3131 McKinney Ave #600
Dallas, TX 75204
(Meeting location by appointment only)
Texas False Claims Act Investigation Defense Attorneys

Oberheiden, P.C. is a healthcare law defense firm with significant experience in the areas of regulatory compliance, corporate structuring, litigation, government investigations, and criminal defense. Among our attorneys is the former Chief Healthcare Fraud Coordinator at the U.S. Attorney’s Office, former senior Department of Justice trial attorneys, former lead prosecutors of the elite Medicare Fraud Strike Force, and other talented attorneys with years of relevant experience and education from the country’s best schools such as Harvard Law School and Yale Law School. Our attorneys serve clients in Texas and surrounding areas.

Based in Texas, the Oberheiden, P.C.’s nationally recognized Healthcare Fraud Defense Group is comprised exclusively of senior attorneys. Led by firm founder Dr. Nick Oberheiden, our Healthcare Fraud Defense Group offers decades of legal experience and deep government and industry insights for healthcare providers facing False Claims Act allegations throughout Texas.

Texas: A Key Battleground for False Claims Act Enforcement

Texas has become a key battleground in the federal government’s fight against suspected False Claims Act violations involving Medicare and other federal benefit programs. This is due in large part to the high number of federal program beneficiaries in the state (including Medicare, Medicaid, and Tricare participants), and the resultant high number of reimbursement claims submitted under these federal programs.

In fact, Texas is one of only two states in the country that is home to two separate teams from the government’s elite Healthcare Fraud Prevention and Enforcement Action Team (HEAT). This is particularly significant given that there are only nine HEAT teams deployed across the entire United States. HEAT targets healthcare providers that submit reimbursements to the Centers for Medicare and Medicaid Services (CMS), and focuses heavily on claim volume when deciding to investigate suspected False Claims Act violations. Unfortunately, this approach (along with the False Claims Act’s “qui tam” provision discussed below) is leading many innocent providers in Texas to face unwarranted investigations.

The False Claims Act: An Overview

The False Claims Act is a federal law that is designed to protect taxpayers. It applies to individuals and businesses that have United States government contracts or receive compensation from the federal government under healthcare benefit programs and imposes both civil liability and criminal penalties for those who “knowingly” submit or cause the submission of false or fraudulent claims.

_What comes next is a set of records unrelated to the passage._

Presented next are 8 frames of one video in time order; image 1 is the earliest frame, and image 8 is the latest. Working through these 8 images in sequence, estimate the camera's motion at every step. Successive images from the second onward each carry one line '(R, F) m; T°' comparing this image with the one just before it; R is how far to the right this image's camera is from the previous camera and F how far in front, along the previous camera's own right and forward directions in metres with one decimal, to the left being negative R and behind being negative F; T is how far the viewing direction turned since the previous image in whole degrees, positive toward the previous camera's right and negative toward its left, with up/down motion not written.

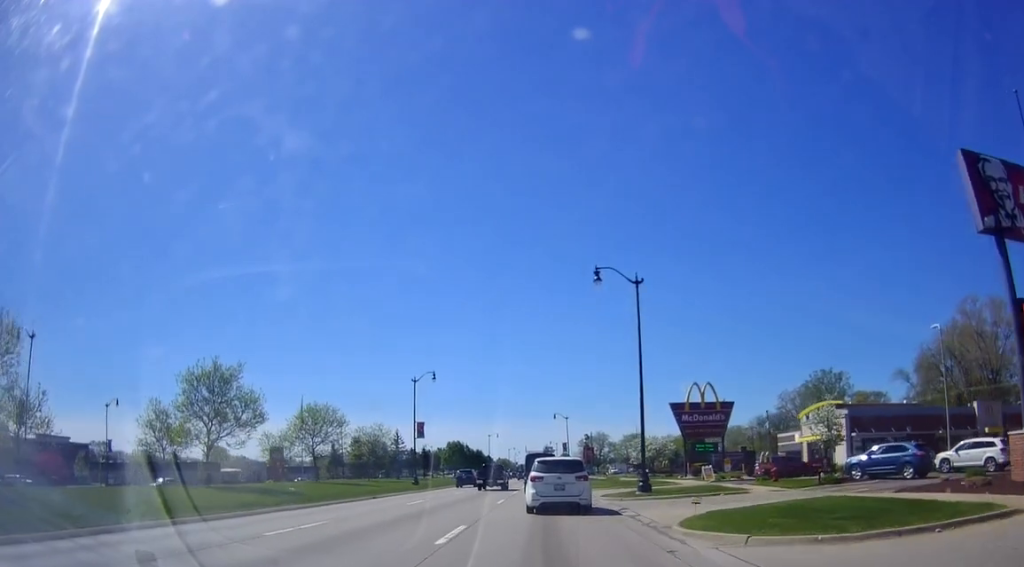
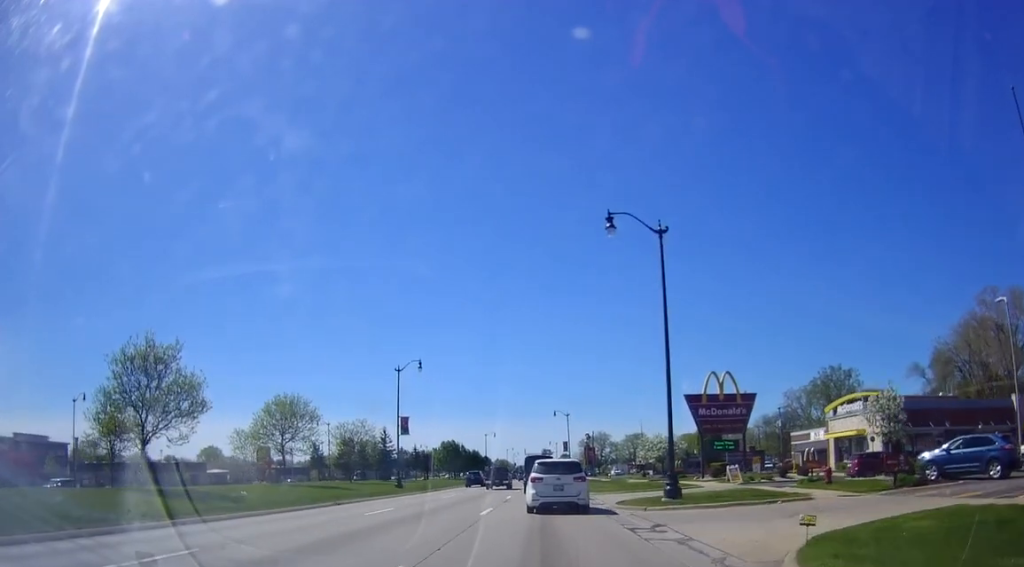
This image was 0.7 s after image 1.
(0.0, +6.9) m; 0°
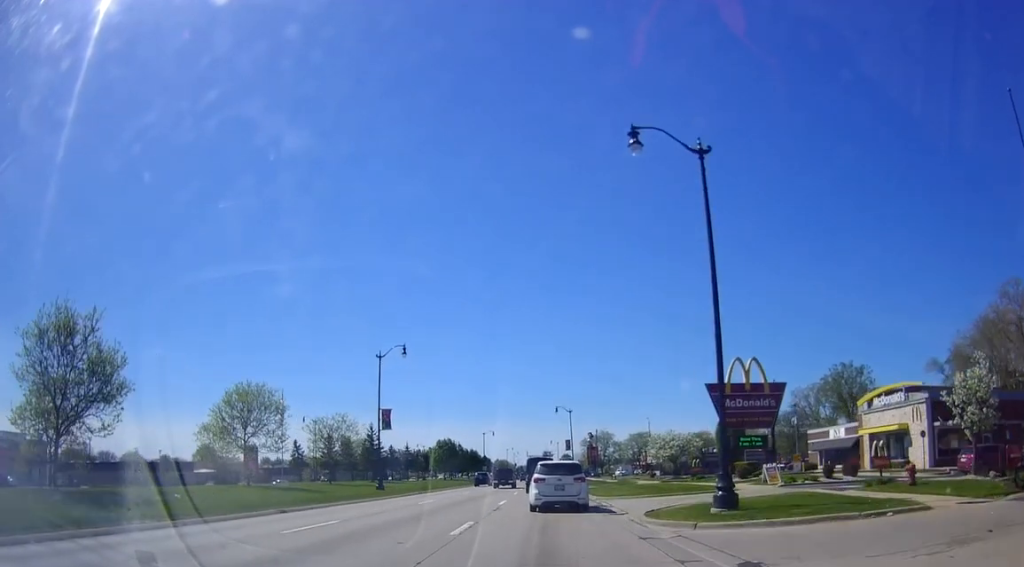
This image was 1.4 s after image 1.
(0.0, +6.9) m; -3°
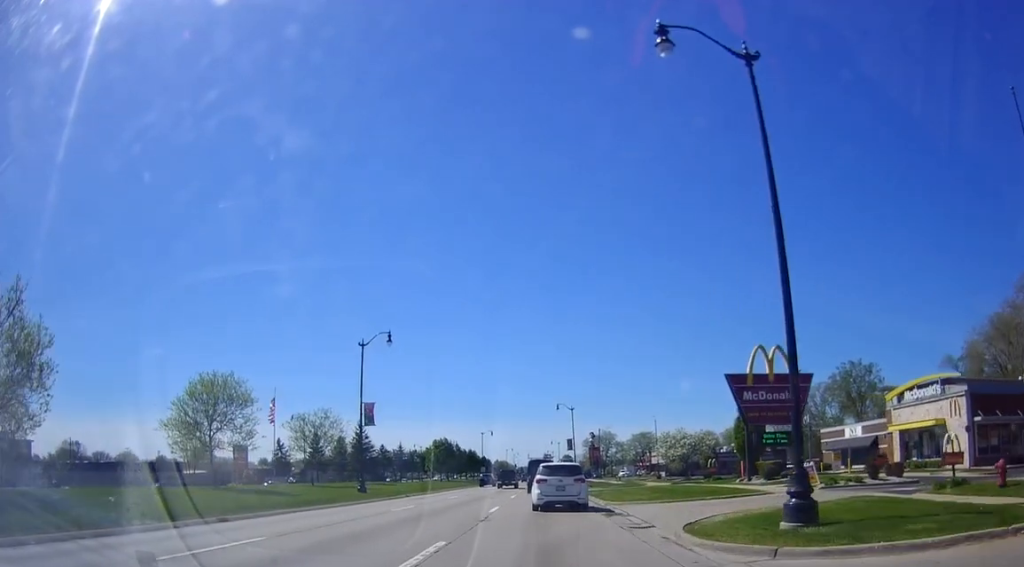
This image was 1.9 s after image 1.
(+0.1, +5.0) m; -2°
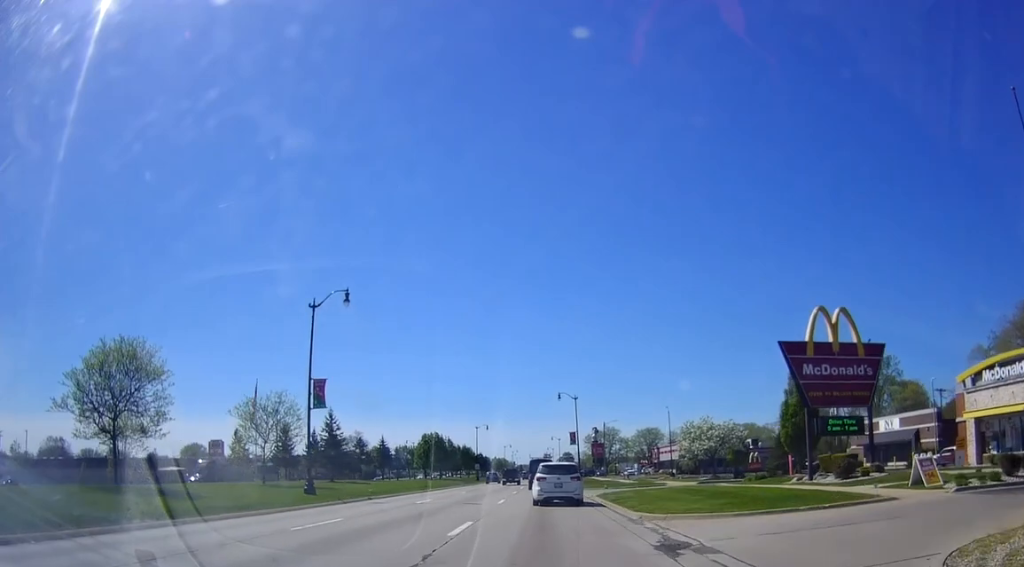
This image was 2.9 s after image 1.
(-0.7, +9.8) m; 0°
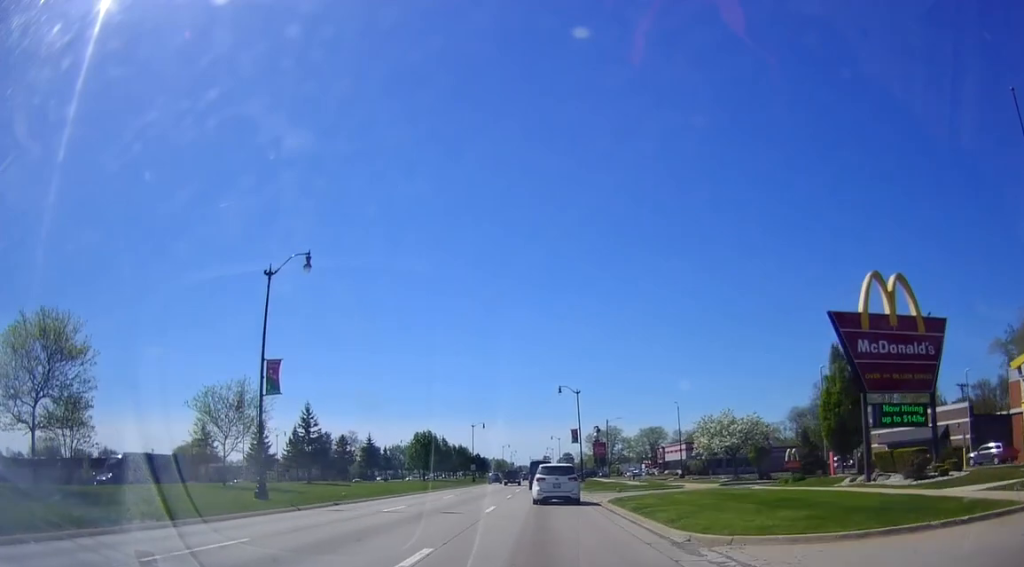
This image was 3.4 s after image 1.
(+0.4, +6.1) m; +1°
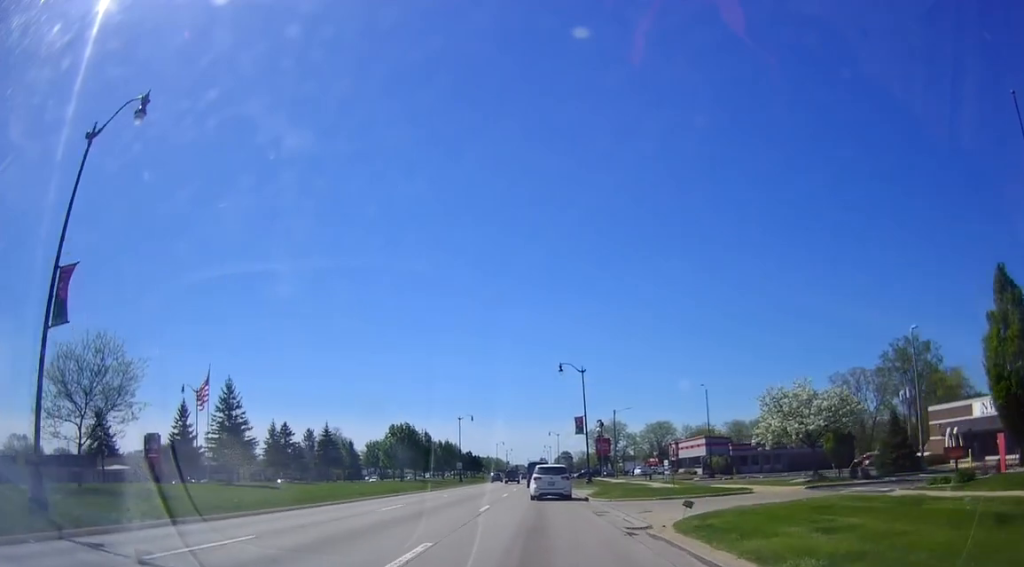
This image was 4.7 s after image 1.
(+0.1, +14.8) m; +1°
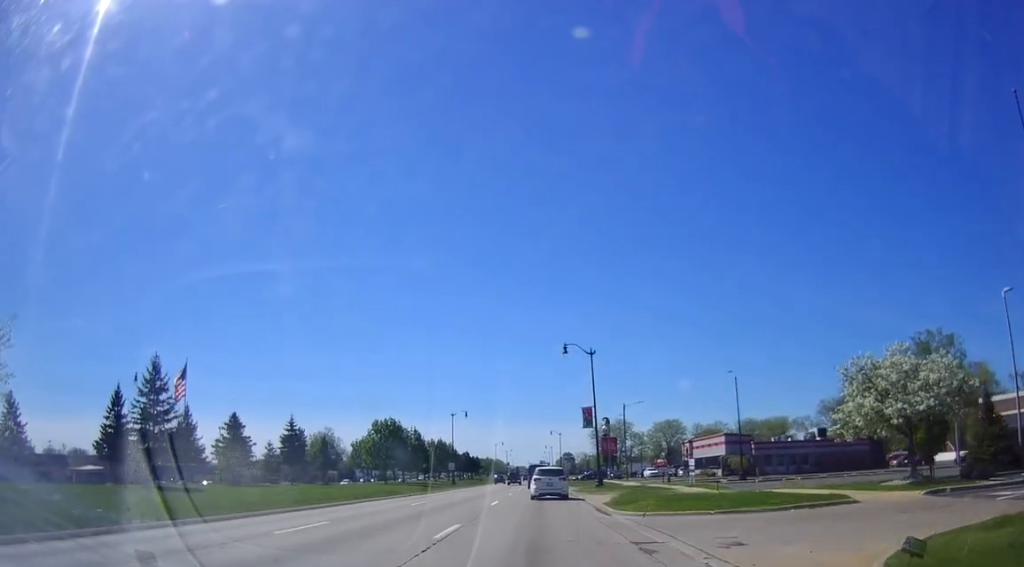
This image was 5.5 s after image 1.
(+0.2, +9.7) m; -1°

However, the word “knowingly” is misleading. This is because, in order to “knowingly” submit a false or fraudulent claim, you do not actually have to know that it was false or fraudulent. The False Claims Act “imputes” knowledge when a party should have known that a claim for payment violates the law, such as the common mistake of using an old billing code after a change in the Medicare billing system. Other common allegations in False Claims Act cases include things like:

  • Billing for services that were not actually provided or that were medically unnecessary
  • Billing for supplies, equipment, or medications that were never ordered or that were medically unnecessary
  • Double-billing for services, supplies, equipment, and medications
  • Unbundling and upcoding reimbursable services

The False Claims Act: Civil and Criminal Penalties

Individuals and companies found to have violated the False Claims Act can face both civil and criminal penalties. The extent of the penalties will depend on the nature of the government’s investigation and the scope of the alleged fraud, but in almost all cases are extremely severe. The penalties for False Claims Act violations are as follows:

  • Civil Penalties – In a civil case, individuals and companies can face treble damages (three times the government’s actual losses) and fines of up to $11,000 per false claim.
  • Criminal Penalties (18 U.S.C. § 287) – Healthcare providers who intentionally present false claims can face up to five years of federal imprisonment and fines of up to $250,000 for individuals and $500,000 for companies. As with civil fines, criminal fines apply on a per-claim basis.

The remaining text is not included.